A newly discovered species of gecko has a special way of getting out of trouble.

A study published yesterday in PeerJ reveals that the little fella slips right out of his scales when in danger.

The gecko is named Geckolepis megalepis and it lives in the forests of Madagascar’s Ankara Reserve.

Part of a species of fish-scale geckos, Geckolepis megalepis has large scales that are thinly attached and have a preformed splitting region within the skin. Like other lizards, which have the ability to grow back tails, it can grow its scales back in a few weeks. No drama.
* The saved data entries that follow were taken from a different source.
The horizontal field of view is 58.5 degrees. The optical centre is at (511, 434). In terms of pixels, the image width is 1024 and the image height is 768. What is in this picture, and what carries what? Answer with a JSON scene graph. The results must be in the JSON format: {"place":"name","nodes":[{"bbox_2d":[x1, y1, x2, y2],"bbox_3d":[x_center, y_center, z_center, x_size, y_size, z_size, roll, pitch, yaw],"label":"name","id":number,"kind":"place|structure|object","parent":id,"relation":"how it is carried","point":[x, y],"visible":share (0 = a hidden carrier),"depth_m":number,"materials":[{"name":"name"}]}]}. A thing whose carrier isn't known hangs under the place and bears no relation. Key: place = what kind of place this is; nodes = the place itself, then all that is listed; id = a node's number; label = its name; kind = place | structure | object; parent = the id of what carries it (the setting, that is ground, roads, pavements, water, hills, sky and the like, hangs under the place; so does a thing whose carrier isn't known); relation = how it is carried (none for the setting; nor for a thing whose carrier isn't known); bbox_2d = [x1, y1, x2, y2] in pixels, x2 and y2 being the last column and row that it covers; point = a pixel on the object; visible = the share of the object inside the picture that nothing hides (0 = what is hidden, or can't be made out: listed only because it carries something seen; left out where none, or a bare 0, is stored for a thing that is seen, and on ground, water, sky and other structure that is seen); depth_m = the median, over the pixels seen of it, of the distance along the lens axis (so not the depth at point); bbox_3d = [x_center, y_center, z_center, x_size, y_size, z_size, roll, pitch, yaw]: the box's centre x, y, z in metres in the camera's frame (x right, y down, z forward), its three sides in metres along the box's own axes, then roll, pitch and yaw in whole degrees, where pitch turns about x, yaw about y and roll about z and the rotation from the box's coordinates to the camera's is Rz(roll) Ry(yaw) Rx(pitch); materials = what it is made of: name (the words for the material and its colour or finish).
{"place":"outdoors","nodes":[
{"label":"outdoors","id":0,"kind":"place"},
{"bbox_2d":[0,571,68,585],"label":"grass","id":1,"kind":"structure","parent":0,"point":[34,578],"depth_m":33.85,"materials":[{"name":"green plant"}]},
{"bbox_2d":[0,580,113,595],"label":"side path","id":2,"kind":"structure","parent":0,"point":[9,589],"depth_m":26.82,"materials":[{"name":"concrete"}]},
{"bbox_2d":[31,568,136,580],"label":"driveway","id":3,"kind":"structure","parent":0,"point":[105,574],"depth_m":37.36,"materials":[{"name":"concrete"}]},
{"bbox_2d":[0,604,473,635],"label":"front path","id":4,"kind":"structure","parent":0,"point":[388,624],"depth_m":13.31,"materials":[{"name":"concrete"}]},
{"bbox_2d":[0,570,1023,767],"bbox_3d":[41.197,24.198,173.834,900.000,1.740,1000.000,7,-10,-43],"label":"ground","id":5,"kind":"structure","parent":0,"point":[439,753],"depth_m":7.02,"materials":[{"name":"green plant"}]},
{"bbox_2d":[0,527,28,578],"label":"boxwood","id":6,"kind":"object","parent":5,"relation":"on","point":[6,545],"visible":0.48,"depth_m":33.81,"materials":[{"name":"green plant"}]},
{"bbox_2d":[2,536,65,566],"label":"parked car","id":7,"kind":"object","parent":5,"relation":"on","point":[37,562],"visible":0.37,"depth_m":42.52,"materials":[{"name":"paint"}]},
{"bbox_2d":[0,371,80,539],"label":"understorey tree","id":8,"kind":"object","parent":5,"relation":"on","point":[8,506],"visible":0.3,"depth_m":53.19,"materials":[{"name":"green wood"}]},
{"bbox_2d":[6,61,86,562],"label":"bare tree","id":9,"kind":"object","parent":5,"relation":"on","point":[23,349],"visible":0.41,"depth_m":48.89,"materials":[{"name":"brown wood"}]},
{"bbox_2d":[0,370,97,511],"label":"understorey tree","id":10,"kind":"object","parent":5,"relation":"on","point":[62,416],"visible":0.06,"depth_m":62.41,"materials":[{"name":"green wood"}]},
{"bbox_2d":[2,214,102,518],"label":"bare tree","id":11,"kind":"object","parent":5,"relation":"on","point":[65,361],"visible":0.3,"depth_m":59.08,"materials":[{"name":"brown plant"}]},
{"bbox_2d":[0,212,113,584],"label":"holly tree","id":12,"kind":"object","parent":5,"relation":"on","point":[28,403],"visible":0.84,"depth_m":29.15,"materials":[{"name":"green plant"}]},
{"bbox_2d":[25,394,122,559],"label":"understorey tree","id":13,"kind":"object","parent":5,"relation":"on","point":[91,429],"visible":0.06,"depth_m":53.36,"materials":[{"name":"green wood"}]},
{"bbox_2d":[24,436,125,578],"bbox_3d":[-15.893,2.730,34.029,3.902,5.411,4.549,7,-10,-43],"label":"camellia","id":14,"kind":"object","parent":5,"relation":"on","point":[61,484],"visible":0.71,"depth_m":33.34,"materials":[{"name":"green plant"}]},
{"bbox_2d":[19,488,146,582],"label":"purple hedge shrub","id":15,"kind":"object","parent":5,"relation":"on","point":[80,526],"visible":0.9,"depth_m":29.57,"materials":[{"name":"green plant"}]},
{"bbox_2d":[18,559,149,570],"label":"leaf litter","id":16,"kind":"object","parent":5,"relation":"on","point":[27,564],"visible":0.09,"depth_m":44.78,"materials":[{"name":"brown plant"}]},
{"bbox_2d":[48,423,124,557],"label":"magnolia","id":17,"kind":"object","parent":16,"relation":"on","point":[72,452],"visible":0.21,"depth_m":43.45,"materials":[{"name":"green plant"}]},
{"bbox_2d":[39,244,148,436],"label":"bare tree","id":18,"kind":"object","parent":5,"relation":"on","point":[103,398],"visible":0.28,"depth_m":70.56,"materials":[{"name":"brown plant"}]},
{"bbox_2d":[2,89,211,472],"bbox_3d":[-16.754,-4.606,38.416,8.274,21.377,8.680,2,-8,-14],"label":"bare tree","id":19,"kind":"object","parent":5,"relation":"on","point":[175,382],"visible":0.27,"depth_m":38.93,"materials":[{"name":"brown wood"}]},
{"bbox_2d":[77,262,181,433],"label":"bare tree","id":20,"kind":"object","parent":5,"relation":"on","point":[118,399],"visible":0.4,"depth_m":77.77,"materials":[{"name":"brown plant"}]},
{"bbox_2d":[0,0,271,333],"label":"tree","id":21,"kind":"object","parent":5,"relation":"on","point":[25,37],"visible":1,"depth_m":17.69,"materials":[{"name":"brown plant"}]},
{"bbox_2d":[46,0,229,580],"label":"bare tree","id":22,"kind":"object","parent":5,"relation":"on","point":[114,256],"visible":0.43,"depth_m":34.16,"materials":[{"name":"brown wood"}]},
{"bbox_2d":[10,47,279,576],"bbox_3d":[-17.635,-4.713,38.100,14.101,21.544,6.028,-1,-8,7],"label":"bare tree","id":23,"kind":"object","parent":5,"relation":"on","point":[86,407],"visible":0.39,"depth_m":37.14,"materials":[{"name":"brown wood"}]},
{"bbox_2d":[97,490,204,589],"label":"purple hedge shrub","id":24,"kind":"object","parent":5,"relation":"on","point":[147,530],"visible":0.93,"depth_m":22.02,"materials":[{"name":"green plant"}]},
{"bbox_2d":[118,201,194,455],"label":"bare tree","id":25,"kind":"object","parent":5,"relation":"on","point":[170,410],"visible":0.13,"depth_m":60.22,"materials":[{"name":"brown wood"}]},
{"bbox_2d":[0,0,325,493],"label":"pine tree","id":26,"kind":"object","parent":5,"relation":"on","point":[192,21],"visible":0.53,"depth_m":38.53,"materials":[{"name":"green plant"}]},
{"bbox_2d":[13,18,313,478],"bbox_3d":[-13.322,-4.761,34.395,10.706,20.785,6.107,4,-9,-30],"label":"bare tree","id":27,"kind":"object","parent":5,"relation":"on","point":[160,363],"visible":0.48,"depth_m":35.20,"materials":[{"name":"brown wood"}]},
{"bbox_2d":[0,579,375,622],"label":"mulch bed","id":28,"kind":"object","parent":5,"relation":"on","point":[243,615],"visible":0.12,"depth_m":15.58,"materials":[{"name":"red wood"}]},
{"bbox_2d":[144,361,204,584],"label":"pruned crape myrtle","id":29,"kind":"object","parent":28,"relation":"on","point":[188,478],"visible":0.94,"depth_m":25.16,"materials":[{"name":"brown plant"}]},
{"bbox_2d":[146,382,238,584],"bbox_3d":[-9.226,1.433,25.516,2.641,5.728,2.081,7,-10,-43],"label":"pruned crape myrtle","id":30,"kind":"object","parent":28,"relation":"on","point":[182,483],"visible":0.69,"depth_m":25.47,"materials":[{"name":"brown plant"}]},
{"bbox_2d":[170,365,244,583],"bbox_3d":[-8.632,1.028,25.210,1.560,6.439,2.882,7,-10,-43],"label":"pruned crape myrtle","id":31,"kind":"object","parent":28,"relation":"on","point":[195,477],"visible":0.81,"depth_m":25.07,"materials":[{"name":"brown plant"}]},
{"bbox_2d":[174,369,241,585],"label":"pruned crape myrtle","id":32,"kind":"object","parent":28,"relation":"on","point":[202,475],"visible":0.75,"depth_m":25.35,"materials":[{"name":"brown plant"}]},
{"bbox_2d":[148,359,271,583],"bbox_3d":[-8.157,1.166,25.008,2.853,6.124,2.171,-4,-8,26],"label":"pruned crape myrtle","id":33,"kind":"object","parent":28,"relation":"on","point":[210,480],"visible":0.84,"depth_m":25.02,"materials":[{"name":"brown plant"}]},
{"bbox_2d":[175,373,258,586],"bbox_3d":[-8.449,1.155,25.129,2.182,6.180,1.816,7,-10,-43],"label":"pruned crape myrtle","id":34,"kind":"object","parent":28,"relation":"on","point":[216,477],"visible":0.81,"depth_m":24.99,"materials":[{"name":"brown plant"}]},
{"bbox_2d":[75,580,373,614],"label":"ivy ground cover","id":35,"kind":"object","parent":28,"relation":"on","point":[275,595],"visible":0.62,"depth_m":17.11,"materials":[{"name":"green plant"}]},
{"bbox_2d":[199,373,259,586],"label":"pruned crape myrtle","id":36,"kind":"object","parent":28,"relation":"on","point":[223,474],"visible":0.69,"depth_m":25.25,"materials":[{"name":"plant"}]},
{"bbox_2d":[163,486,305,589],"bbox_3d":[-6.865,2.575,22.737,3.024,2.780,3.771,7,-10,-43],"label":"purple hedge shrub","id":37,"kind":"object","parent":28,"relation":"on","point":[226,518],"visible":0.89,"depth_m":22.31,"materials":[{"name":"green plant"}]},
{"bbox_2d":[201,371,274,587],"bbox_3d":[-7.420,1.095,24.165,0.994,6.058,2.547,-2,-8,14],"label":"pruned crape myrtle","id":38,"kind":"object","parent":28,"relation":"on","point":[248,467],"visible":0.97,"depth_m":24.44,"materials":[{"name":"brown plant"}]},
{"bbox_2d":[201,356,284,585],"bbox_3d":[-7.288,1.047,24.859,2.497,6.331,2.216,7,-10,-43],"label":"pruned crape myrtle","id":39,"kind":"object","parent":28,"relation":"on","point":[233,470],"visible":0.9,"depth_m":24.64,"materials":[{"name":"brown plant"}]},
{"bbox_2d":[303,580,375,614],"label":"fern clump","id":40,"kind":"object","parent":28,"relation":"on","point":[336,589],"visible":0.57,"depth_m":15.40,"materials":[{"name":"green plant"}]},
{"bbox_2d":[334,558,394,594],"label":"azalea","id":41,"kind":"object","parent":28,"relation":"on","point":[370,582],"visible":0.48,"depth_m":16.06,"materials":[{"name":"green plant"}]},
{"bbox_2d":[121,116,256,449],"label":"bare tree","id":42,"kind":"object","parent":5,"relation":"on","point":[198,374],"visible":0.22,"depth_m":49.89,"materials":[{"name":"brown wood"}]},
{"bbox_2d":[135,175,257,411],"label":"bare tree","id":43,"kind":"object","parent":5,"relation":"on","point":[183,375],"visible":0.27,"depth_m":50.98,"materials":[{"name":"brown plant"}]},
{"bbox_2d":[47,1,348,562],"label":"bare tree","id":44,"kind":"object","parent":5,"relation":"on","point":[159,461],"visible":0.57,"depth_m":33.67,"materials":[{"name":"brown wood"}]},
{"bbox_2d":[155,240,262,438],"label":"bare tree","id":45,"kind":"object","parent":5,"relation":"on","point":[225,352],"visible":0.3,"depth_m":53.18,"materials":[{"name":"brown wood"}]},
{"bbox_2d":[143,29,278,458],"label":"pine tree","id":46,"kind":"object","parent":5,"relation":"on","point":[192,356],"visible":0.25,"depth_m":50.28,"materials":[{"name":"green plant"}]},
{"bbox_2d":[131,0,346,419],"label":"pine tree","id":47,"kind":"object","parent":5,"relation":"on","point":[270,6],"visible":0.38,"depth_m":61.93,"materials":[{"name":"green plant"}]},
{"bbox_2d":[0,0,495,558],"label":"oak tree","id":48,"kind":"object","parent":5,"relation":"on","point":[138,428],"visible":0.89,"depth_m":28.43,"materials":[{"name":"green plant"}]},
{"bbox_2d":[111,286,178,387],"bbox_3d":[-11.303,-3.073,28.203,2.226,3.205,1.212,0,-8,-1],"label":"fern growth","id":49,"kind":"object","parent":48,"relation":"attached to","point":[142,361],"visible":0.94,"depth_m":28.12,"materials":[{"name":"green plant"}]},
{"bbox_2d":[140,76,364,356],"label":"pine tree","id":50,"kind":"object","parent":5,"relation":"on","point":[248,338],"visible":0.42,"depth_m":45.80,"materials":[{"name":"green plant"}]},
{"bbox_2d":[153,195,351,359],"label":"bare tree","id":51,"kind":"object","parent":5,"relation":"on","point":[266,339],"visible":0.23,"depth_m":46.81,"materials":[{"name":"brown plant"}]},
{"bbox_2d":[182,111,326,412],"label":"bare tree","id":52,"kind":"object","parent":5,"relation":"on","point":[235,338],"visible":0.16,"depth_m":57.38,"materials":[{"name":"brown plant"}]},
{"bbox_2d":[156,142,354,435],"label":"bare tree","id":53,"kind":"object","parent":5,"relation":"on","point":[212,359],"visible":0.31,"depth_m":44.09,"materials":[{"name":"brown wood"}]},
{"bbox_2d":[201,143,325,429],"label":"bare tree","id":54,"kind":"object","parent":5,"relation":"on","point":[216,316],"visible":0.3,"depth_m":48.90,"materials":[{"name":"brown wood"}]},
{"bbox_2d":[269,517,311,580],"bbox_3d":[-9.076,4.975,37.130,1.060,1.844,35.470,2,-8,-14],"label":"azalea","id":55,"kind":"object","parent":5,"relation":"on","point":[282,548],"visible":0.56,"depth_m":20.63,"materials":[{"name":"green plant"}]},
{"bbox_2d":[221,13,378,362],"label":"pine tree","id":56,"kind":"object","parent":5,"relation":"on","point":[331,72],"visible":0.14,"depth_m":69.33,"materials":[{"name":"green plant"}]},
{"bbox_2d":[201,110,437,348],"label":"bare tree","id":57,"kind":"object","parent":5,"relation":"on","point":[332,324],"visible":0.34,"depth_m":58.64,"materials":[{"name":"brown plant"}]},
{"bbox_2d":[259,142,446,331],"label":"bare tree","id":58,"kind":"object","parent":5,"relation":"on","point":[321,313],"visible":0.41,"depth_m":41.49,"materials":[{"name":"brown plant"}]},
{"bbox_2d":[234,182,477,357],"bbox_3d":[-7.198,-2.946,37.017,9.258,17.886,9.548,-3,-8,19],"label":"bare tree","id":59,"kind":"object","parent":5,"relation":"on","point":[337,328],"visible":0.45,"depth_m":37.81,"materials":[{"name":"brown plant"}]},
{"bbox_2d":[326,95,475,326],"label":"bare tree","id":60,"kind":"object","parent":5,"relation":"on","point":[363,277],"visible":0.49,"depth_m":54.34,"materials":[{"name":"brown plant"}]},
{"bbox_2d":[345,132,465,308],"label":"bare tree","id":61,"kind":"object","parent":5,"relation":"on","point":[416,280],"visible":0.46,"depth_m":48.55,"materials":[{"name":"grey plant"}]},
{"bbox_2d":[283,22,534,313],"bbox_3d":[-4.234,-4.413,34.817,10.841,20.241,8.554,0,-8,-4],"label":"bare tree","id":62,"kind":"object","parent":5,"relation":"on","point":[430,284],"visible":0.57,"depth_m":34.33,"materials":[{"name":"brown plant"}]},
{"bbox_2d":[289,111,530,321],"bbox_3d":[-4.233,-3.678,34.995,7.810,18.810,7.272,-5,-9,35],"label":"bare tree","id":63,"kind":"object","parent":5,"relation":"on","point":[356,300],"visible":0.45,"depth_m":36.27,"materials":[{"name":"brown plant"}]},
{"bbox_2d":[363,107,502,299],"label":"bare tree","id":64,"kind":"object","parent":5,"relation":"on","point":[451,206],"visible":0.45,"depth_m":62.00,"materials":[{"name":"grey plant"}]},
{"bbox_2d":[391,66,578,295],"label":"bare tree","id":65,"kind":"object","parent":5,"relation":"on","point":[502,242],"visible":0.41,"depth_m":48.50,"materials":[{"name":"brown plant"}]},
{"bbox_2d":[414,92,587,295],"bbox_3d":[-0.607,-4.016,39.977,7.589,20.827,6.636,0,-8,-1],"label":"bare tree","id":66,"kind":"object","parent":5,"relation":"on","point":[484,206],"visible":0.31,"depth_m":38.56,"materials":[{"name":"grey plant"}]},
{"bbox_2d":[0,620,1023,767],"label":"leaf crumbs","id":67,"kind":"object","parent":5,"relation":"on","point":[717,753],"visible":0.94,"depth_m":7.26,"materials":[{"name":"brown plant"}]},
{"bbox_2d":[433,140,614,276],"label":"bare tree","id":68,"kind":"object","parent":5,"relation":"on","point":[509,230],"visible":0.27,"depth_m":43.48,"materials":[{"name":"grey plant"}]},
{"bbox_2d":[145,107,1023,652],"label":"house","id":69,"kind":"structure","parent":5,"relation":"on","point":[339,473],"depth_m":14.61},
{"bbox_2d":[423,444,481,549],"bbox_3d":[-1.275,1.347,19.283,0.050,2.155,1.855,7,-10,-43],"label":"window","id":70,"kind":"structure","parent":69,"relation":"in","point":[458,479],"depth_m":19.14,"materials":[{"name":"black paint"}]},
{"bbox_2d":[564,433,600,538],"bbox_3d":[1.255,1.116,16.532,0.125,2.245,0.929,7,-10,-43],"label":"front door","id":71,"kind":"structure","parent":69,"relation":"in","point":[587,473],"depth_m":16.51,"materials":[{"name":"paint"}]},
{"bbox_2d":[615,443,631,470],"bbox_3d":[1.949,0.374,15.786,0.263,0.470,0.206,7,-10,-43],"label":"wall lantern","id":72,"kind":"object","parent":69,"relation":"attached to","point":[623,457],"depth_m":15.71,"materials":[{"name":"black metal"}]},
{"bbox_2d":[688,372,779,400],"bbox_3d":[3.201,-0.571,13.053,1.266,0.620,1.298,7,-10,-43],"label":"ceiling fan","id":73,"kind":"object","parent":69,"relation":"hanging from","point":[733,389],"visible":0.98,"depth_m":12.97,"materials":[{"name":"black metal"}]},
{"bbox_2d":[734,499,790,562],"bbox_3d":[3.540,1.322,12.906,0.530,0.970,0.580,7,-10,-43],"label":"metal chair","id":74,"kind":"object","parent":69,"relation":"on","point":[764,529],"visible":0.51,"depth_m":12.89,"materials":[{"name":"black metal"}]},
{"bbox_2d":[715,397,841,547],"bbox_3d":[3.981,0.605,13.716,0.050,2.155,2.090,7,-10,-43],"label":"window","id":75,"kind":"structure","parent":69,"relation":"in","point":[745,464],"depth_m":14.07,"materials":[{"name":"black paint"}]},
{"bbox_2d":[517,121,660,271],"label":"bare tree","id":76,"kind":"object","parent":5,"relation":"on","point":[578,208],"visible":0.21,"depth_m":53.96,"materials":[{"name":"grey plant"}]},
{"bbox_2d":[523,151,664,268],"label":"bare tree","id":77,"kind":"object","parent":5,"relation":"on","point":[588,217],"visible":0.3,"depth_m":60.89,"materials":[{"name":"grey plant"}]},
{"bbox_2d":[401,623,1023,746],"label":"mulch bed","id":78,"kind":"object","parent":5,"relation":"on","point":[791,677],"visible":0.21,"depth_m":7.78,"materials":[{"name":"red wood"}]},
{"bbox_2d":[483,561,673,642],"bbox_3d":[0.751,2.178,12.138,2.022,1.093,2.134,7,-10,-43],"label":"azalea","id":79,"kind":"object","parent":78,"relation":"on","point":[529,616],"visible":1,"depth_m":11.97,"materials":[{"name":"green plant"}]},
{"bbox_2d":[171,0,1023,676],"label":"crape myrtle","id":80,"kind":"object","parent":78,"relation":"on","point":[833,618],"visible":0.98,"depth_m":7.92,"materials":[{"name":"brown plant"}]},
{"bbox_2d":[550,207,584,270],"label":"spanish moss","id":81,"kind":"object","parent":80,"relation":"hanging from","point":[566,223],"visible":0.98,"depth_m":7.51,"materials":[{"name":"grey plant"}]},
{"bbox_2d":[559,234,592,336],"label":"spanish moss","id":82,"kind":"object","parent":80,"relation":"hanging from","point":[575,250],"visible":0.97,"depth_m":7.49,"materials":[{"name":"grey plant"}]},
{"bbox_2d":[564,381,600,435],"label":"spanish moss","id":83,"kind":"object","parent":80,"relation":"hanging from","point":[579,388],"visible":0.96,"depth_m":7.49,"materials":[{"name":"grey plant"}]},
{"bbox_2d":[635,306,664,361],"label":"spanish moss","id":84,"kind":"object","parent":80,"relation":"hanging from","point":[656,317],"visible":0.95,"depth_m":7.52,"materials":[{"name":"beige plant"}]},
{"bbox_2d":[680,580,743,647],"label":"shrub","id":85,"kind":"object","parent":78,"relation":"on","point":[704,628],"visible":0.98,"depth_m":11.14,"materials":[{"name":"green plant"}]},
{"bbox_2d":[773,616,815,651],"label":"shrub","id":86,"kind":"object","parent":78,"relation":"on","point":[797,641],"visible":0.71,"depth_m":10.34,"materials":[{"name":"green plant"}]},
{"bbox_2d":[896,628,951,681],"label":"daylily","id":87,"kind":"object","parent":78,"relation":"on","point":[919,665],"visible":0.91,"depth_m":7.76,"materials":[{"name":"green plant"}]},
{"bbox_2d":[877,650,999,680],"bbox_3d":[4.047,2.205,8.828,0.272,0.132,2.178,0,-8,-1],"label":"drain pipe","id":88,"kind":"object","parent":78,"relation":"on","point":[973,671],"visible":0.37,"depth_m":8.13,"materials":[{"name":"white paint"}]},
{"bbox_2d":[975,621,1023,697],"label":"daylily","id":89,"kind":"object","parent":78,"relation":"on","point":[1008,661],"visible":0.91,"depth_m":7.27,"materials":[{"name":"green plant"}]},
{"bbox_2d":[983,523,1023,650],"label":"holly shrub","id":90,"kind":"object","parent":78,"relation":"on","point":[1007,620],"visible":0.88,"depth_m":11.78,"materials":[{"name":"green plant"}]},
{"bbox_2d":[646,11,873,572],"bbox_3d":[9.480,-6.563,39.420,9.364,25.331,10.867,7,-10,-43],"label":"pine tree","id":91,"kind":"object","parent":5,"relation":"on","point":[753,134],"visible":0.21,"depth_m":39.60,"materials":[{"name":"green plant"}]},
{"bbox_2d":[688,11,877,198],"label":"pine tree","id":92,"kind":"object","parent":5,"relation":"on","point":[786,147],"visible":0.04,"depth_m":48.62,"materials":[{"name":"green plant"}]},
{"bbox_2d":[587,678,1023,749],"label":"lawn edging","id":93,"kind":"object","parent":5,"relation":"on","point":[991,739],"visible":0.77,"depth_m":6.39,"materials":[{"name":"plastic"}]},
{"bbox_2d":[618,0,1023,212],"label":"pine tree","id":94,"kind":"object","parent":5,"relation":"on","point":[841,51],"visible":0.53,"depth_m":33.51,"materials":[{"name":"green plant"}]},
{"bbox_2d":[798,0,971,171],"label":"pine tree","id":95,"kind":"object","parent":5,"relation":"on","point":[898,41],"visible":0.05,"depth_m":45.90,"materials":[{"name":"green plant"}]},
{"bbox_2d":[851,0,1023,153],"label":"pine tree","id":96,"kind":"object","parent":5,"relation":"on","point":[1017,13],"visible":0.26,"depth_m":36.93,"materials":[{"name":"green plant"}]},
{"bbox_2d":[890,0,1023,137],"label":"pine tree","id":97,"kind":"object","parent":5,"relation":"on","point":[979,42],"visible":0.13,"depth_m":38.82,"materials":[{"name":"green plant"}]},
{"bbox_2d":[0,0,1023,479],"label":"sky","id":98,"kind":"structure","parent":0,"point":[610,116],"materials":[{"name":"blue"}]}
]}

If a predator tries to grab the ingenious reptile, it quickly sheds, leaving the attacker with nothing but a mouthful of scales. “That’ll teach ya for trying to eat me”, it probably adds, as it dashes away in its birthday suit.

Mark D. Sherz, lead author of the new study, said:

What’s really remarkable though is that these scales – which are really dense and may even be bony, and must be quite energetically costly to produce – and the skin beneath them tear away with such ease, and can be regenerated quickly and without a scar.

The Verge reports that similar geckos were first discovered in the 1800s and that they were wrapped in cotton to prevent the loss of scales. Scientists don’t bother with that anymore. They simply lure the geckos into a bag.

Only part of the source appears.